Work request:
Output the entries as they appear, skipping images.

= = = = =

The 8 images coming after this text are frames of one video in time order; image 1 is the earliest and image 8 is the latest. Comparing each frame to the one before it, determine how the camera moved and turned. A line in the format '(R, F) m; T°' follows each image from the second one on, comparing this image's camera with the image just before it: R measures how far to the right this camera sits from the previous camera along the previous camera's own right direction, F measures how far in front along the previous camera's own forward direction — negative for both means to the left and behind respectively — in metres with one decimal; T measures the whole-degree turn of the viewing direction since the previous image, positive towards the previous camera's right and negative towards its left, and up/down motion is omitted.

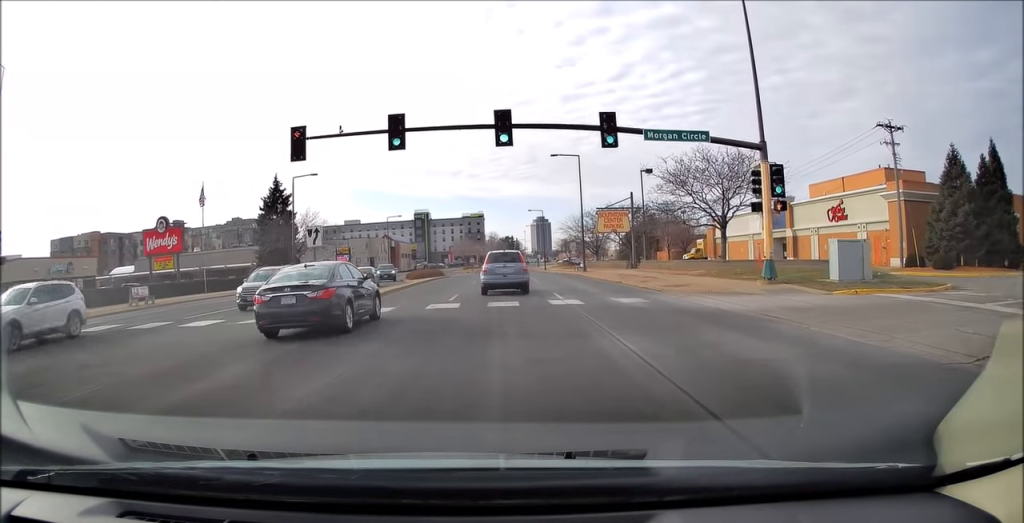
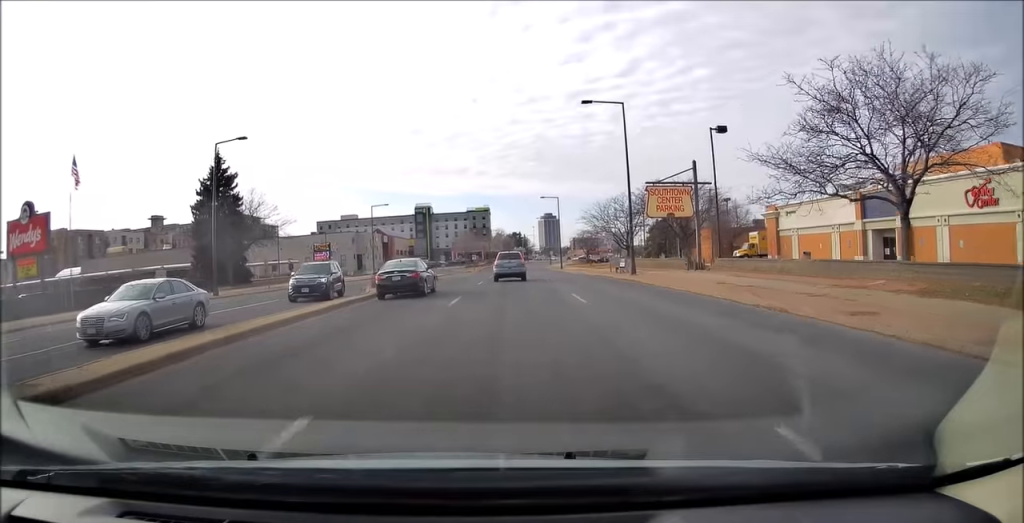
(-0.5, +18.4) m; -4°
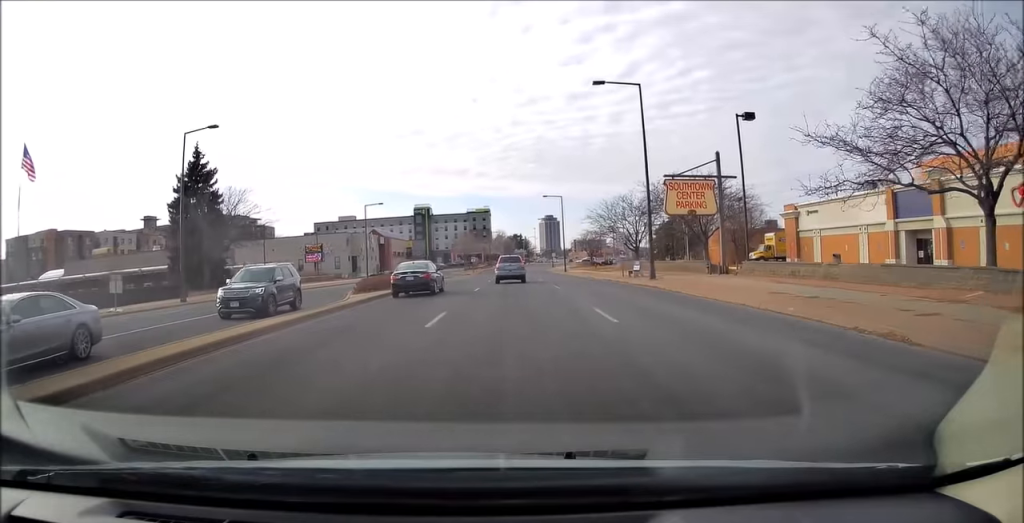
(0.0, +4.7) m; 0°
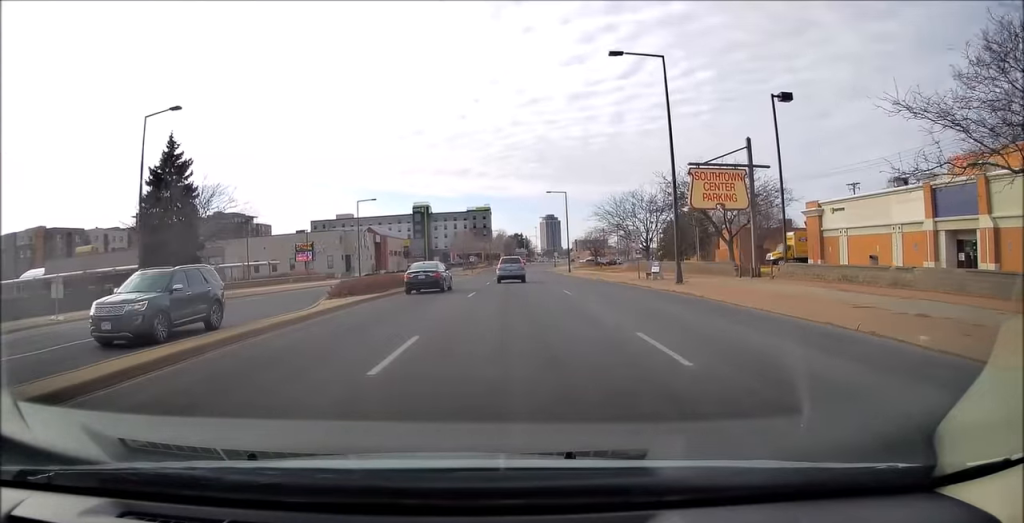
(0.0, +5.1) m; 0°
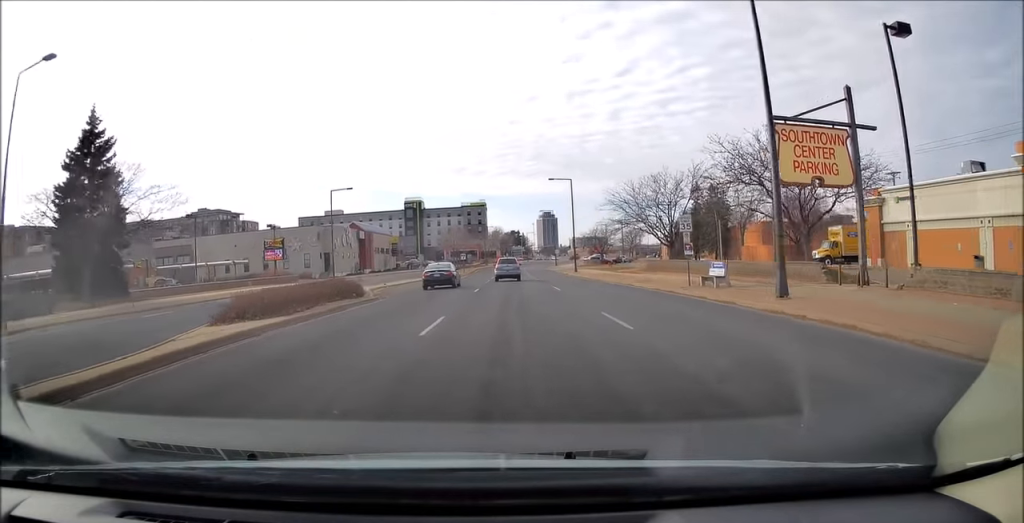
(0.0, +11.3) m; 0°
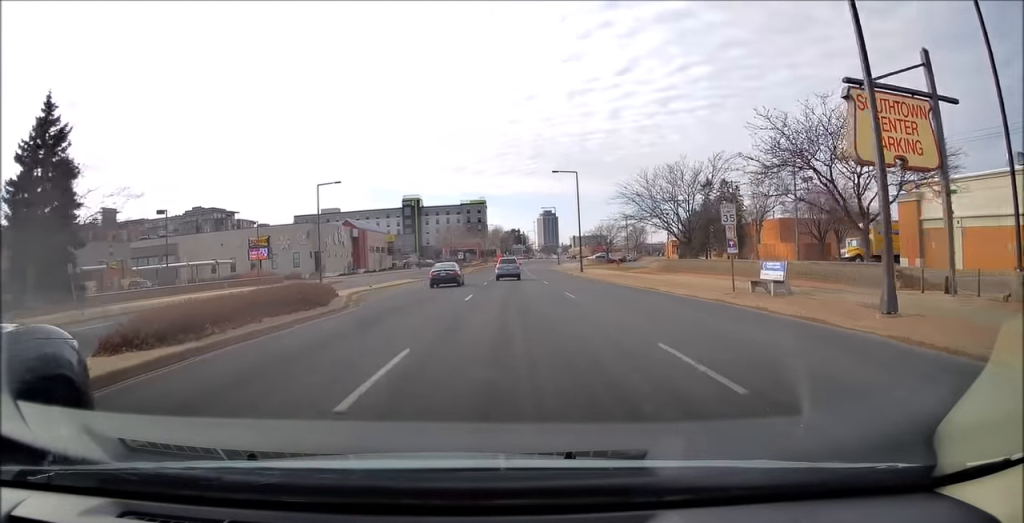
(0.0, +5.4) m; 0°
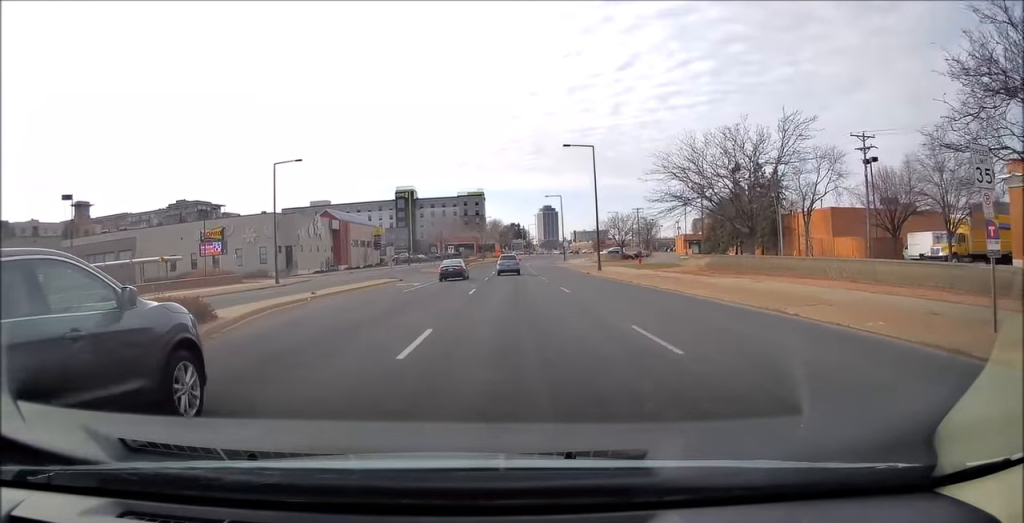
(0.0, +13.1) m; 0°
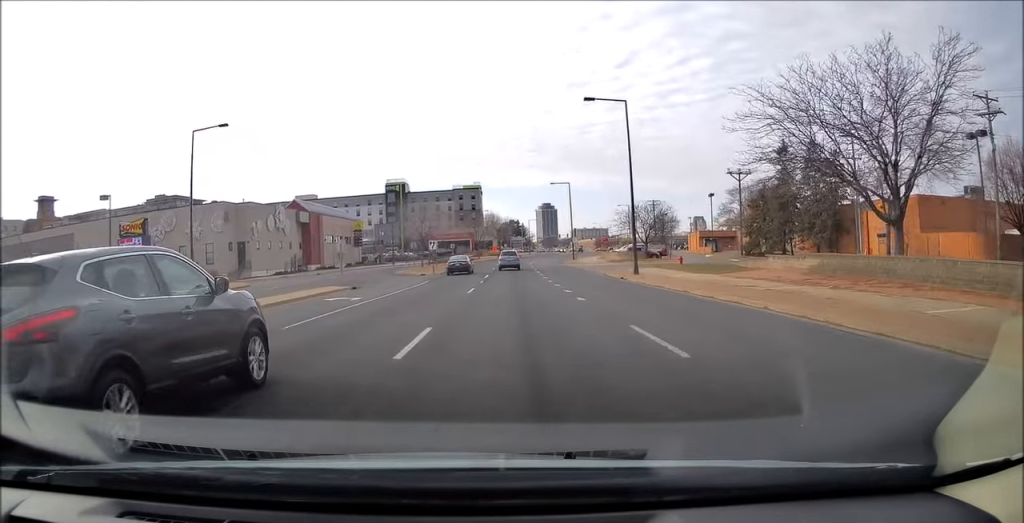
(0.0, +15.3) m; 0°

= = = = =

Answer box:
The 8 images coming after this text are frames of one video in time order; image 1 is the earliest and image 8 is the latest. Comparing each frame to the one before it, determine how the camera moved and turned. A line in the format '(R, F) m; T°' follows each image from the second one on, comparing this image's camera with the image just before it: R measures how far to the right this camera sits from the previous camera along the previous camera's own right direction, F measures how far in front along the previous camera's own forward direction — negative for both means to the left and behind respectively — in metres with one decimal; T measures the whole-degree turn of the viewing direction since the previous image, positive towards the previous camera's right and negative towards its left, and up/down motion is omitted.

(-0.5, +18.4) m; -4°
(0.0, +4.7) m; 0°
(0.0, +5.1) m; 0°
(0.0, +11.3) m; 0°
(0.0, +5.4) m; 0°
(0.0, +13.1) m; 0°
(0.0, +15.3) m; 0°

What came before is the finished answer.